Stored items from a collection
*** Begin section ***

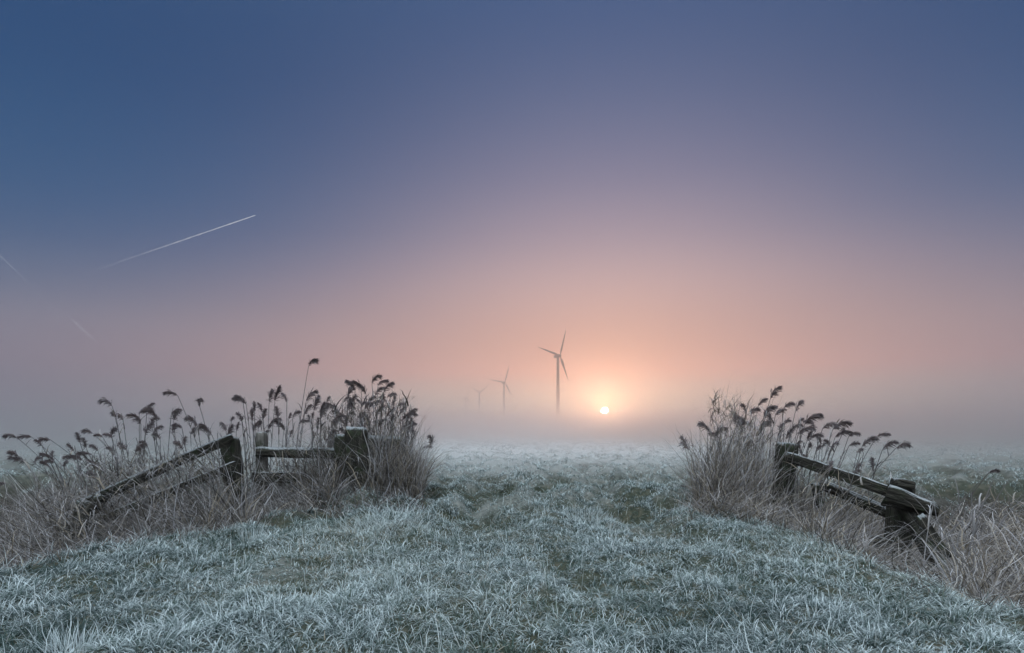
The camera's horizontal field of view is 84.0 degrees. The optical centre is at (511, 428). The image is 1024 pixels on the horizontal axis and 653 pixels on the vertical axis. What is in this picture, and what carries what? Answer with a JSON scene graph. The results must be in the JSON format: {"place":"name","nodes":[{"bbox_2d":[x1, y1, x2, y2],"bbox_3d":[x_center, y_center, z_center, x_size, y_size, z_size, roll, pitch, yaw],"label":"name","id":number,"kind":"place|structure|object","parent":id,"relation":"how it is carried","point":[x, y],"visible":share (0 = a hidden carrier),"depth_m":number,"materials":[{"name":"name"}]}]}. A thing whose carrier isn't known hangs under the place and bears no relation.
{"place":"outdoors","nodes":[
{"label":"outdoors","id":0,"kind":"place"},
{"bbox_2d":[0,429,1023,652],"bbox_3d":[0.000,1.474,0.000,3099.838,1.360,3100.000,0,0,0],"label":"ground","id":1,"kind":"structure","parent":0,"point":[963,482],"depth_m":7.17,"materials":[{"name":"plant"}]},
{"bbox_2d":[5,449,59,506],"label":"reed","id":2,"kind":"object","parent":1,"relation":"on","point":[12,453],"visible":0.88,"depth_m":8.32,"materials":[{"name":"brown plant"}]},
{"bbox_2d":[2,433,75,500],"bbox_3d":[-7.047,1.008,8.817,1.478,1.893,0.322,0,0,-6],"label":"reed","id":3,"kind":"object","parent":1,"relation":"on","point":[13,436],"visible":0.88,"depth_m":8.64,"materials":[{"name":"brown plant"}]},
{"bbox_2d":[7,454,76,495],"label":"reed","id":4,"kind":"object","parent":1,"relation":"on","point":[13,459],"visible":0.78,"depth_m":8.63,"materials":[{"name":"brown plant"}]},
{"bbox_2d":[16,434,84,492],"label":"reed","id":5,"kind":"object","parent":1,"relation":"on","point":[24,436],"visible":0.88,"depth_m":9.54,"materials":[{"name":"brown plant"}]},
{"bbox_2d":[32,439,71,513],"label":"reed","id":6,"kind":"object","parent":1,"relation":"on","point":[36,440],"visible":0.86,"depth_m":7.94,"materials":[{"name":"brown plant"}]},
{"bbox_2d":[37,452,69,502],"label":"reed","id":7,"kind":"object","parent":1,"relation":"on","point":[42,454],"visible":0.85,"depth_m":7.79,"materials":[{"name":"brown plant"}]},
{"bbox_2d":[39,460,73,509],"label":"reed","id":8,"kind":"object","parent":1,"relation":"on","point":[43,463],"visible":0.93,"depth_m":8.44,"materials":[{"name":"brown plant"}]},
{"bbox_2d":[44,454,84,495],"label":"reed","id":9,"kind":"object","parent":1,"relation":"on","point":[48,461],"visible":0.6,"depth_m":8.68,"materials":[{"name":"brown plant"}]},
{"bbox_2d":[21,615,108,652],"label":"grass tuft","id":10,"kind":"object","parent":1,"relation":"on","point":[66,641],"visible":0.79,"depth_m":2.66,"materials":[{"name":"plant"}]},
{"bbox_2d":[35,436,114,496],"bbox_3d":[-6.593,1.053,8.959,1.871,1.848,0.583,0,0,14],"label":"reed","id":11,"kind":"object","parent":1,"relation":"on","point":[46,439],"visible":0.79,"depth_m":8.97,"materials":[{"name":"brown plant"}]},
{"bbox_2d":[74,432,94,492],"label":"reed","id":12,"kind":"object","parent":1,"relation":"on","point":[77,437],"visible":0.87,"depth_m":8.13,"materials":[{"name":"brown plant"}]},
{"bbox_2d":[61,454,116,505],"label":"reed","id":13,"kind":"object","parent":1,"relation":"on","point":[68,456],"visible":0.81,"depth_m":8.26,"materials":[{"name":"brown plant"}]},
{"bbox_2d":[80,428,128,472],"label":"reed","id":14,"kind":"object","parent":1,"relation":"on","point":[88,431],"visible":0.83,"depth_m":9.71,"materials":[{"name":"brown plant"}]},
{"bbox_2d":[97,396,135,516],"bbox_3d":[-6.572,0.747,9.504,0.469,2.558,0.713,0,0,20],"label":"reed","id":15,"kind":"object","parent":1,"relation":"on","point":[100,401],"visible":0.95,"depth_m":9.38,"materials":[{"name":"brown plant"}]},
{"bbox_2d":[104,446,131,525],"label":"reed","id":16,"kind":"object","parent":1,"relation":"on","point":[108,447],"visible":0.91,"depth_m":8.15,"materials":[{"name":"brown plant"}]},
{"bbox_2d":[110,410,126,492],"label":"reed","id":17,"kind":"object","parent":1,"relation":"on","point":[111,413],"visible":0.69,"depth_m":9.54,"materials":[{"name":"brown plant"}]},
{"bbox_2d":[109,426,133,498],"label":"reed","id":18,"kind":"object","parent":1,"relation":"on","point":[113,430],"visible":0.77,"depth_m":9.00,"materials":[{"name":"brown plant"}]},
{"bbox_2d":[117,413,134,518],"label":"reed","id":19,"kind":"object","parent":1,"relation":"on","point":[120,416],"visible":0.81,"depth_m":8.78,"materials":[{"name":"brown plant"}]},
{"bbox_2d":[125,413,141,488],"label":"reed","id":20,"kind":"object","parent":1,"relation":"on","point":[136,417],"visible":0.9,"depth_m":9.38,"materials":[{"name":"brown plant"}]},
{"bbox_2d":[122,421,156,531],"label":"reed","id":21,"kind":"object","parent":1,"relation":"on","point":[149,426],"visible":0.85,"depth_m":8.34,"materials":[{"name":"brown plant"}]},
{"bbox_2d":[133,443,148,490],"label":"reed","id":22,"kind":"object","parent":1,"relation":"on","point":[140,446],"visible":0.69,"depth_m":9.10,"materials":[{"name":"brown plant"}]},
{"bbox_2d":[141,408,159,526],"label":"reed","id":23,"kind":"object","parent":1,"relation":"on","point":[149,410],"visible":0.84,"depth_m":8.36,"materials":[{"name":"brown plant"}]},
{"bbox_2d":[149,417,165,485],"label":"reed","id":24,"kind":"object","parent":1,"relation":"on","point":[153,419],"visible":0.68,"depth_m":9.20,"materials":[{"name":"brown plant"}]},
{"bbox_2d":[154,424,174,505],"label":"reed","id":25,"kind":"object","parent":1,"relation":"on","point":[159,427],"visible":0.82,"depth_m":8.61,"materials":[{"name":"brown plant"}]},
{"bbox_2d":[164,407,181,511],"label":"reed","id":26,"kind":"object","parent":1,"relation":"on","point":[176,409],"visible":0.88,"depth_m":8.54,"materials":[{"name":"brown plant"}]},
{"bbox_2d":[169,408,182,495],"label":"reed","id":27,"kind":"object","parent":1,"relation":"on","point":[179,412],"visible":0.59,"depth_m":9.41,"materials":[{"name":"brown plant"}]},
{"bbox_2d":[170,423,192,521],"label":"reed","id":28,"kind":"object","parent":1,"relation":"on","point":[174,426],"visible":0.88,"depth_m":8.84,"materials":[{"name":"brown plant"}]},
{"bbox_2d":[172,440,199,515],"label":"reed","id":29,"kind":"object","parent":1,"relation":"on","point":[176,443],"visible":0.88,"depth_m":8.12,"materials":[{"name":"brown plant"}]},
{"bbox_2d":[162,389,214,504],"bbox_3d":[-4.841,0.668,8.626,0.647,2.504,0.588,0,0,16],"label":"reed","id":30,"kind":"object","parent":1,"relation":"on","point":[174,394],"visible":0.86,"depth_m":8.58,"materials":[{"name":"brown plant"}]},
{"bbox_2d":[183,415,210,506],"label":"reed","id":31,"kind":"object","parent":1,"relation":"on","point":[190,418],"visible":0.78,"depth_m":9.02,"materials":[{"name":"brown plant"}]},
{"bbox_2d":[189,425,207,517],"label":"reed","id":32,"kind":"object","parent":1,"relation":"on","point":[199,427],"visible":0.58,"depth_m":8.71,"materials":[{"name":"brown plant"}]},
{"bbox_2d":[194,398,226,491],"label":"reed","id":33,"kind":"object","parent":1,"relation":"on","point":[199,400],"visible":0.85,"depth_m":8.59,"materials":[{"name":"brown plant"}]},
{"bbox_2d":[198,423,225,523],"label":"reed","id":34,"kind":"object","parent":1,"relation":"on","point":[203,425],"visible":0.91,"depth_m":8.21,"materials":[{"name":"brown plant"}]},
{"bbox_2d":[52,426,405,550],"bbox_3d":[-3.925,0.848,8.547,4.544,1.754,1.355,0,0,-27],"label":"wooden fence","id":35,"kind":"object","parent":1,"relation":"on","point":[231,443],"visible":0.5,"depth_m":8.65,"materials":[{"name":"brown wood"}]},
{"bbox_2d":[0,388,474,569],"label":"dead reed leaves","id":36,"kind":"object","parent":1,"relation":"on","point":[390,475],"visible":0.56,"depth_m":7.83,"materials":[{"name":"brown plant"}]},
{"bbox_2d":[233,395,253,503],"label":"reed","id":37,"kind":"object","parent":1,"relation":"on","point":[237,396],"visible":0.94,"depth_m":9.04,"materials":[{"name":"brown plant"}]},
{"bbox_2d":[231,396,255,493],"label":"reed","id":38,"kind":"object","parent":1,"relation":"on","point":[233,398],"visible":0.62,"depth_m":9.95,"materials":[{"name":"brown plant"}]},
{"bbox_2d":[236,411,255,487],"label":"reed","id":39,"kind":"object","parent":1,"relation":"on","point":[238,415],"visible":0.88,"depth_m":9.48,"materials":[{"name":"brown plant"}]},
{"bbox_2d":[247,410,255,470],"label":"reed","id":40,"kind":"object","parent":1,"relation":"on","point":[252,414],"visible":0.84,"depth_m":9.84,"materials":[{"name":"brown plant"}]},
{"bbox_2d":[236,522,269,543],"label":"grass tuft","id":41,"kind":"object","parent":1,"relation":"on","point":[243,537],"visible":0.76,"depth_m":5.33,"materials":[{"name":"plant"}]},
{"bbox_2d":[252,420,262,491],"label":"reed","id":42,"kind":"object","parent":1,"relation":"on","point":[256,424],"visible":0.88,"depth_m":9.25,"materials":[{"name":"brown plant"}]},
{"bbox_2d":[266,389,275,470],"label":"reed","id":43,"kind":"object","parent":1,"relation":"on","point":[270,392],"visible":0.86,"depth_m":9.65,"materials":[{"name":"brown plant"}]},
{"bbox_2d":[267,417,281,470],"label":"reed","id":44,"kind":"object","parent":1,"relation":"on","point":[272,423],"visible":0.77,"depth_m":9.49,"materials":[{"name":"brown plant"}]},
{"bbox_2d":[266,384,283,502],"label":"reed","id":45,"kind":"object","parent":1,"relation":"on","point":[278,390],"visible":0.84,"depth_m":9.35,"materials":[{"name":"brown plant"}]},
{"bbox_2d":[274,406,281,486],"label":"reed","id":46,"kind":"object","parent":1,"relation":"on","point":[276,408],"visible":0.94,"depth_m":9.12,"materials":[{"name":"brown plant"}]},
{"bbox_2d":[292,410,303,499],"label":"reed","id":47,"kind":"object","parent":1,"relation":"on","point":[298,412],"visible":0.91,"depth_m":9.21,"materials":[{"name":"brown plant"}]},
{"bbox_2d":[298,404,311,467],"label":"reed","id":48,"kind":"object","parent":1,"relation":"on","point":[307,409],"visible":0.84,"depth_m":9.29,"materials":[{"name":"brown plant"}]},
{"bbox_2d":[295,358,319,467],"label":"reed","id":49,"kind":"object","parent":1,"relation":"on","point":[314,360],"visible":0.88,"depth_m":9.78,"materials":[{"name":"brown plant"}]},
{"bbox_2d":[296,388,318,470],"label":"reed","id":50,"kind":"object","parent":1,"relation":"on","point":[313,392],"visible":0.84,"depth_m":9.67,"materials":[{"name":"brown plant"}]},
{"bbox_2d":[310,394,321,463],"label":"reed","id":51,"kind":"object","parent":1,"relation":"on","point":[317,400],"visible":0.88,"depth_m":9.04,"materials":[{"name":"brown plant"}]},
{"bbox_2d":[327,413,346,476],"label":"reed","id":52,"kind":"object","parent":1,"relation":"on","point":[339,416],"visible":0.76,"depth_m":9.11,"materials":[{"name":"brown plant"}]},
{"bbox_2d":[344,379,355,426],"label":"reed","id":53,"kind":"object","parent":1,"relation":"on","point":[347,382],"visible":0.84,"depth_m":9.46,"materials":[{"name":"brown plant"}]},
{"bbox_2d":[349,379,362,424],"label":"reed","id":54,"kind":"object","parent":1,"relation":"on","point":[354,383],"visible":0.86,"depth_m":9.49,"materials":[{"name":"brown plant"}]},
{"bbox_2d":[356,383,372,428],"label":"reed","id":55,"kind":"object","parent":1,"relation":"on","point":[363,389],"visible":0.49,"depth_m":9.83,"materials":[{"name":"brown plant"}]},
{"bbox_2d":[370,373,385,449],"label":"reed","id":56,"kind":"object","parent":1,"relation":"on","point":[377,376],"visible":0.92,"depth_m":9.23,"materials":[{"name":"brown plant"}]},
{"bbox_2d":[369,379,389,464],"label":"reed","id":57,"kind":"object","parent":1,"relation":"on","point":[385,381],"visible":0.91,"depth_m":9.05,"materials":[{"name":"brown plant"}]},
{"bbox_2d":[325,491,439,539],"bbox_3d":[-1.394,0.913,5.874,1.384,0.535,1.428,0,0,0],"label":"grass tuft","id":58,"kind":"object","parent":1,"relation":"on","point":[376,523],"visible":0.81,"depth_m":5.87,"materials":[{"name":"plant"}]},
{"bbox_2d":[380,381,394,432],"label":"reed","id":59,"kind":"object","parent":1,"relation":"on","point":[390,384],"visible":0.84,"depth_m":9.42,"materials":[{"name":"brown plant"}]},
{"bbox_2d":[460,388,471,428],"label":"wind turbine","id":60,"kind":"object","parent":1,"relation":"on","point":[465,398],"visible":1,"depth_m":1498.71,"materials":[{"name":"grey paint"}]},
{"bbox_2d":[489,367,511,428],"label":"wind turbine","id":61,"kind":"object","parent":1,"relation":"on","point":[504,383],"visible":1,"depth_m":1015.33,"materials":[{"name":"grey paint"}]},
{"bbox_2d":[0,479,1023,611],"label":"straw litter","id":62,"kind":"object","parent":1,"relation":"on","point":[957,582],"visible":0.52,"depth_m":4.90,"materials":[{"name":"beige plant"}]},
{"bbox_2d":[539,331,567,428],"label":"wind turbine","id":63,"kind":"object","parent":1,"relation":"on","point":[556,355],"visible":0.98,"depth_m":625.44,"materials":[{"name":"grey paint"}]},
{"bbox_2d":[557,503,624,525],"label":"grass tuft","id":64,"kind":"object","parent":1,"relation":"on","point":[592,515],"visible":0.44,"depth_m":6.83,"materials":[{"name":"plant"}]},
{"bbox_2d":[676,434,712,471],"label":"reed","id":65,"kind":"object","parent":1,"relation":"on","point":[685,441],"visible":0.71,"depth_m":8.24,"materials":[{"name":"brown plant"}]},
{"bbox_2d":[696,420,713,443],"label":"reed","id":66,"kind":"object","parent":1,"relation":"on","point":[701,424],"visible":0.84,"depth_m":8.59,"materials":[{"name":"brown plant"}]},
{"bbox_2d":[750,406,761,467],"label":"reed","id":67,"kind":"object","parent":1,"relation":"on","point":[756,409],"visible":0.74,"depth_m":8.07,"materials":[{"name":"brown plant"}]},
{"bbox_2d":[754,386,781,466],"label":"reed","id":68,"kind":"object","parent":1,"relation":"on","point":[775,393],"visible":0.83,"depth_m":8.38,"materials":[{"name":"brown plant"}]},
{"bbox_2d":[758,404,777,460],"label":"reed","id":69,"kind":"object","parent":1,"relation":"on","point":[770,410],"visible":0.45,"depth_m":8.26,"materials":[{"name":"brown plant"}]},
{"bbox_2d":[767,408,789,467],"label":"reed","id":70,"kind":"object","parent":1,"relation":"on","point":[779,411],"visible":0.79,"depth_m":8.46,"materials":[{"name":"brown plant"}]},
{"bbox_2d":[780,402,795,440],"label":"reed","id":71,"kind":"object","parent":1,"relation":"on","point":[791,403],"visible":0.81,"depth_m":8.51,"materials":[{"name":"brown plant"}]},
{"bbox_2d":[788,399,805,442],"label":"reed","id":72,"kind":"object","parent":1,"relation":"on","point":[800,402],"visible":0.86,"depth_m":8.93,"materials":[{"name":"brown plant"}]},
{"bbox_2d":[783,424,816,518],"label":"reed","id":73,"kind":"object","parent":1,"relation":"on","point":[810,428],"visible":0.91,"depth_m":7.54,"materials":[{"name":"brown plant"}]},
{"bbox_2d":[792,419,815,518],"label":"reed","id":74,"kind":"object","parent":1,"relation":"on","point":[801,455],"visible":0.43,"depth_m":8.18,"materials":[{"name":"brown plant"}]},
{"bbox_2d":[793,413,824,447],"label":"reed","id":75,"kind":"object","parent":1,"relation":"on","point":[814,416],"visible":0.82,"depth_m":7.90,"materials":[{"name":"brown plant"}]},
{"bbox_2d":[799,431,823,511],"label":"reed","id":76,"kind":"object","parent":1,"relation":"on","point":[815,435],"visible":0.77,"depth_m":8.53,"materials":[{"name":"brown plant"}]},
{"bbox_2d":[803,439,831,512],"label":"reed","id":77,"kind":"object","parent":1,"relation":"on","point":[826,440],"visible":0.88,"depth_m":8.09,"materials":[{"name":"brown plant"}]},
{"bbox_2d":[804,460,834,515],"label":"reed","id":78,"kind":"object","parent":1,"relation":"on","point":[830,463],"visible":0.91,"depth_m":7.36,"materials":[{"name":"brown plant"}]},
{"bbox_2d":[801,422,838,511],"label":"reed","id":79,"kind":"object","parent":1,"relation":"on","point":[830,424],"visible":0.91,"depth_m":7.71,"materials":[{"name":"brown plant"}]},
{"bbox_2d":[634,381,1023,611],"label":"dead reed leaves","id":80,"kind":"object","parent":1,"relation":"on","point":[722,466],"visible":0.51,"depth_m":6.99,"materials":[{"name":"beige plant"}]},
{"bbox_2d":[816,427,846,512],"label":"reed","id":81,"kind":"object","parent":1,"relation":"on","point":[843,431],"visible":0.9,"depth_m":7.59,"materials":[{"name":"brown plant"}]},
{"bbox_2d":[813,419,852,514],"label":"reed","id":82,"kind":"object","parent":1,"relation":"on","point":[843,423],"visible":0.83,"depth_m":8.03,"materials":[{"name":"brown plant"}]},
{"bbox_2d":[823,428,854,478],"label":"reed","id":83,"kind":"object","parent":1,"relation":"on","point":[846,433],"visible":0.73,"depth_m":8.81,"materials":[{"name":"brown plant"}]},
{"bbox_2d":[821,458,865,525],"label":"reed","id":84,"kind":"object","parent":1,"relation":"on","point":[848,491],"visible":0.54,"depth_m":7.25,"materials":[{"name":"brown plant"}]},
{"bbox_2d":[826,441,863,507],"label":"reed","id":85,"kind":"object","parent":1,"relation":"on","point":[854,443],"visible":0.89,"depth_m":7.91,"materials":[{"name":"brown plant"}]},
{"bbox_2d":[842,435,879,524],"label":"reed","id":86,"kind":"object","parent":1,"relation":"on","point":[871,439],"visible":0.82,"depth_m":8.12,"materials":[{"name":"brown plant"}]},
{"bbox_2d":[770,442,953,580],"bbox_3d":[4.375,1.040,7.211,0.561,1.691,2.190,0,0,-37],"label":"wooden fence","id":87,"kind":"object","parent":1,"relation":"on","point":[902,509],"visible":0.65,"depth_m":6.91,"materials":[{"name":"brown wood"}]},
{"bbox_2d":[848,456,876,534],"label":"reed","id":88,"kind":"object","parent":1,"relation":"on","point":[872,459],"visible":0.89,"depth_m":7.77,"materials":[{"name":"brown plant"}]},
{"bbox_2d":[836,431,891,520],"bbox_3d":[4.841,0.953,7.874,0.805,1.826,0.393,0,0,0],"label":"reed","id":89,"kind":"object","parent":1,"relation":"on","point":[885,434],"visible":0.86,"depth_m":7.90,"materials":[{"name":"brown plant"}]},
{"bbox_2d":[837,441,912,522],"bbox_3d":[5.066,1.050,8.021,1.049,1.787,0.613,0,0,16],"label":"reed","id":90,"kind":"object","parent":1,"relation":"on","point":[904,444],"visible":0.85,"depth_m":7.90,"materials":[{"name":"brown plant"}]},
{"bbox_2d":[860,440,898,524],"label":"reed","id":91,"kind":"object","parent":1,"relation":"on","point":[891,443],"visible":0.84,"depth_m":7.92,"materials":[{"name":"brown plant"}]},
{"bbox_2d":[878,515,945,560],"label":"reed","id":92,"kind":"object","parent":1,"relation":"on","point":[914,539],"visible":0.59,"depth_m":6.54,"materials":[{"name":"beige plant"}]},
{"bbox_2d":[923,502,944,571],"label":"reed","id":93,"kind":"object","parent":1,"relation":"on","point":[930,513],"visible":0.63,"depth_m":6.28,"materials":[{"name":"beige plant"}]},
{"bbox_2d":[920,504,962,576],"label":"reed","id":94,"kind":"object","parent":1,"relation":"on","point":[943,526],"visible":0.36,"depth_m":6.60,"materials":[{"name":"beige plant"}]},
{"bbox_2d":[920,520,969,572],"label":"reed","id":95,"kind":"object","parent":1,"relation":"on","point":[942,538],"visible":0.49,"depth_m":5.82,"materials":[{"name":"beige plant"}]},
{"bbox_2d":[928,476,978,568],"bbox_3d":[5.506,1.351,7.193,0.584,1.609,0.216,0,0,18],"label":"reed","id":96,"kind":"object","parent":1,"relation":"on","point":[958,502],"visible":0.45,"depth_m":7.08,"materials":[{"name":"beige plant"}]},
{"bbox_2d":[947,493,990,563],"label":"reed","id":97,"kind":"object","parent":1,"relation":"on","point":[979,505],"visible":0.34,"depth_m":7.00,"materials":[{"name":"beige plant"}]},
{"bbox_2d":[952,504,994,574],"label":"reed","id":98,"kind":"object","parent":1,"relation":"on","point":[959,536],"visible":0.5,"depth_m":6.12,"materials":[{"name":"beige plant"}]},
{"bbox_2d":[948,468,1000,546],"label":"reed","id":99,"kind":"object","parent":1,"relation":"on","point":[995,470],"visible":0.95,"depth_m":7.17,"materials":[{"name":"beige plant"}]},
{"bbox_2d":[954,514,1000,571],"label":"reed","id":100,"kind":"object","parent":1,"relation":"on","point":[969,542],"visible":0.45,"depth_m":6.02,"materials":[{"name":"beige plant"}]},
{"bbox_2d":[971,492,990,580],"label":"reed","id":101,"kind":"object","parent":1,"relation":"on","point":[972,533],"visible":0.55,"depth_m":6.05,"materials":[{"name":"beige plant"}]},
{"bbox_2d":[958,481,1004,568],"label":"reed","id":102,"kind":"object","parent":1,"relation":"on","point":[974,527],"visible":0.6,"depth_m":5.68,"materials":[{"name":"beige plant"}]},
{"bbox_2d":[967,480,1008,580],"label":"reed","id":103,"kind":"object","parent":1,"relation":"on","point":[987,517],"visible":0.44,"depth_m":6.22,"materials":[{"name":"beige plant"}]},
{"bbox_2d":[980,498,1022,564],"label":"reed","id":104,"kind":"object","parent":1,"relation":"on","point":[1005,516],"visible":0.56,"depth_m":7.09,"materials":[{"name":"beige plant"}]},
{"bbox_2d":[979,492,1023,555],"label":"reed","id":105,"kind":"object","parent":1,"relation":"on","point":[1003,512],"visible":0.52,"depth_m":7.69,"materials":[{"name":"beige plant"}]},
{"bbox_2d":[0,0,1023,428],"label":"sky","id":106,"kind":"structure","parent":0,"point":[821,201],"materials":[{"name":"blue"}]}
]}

*** End section ***

Find the word "outdoors" in the data and copy out each line where it turns up.

▸ **Written solution**
{"place":"outdoors","nodes":[
{"label":"outdoors","id":0,"kind":"place"},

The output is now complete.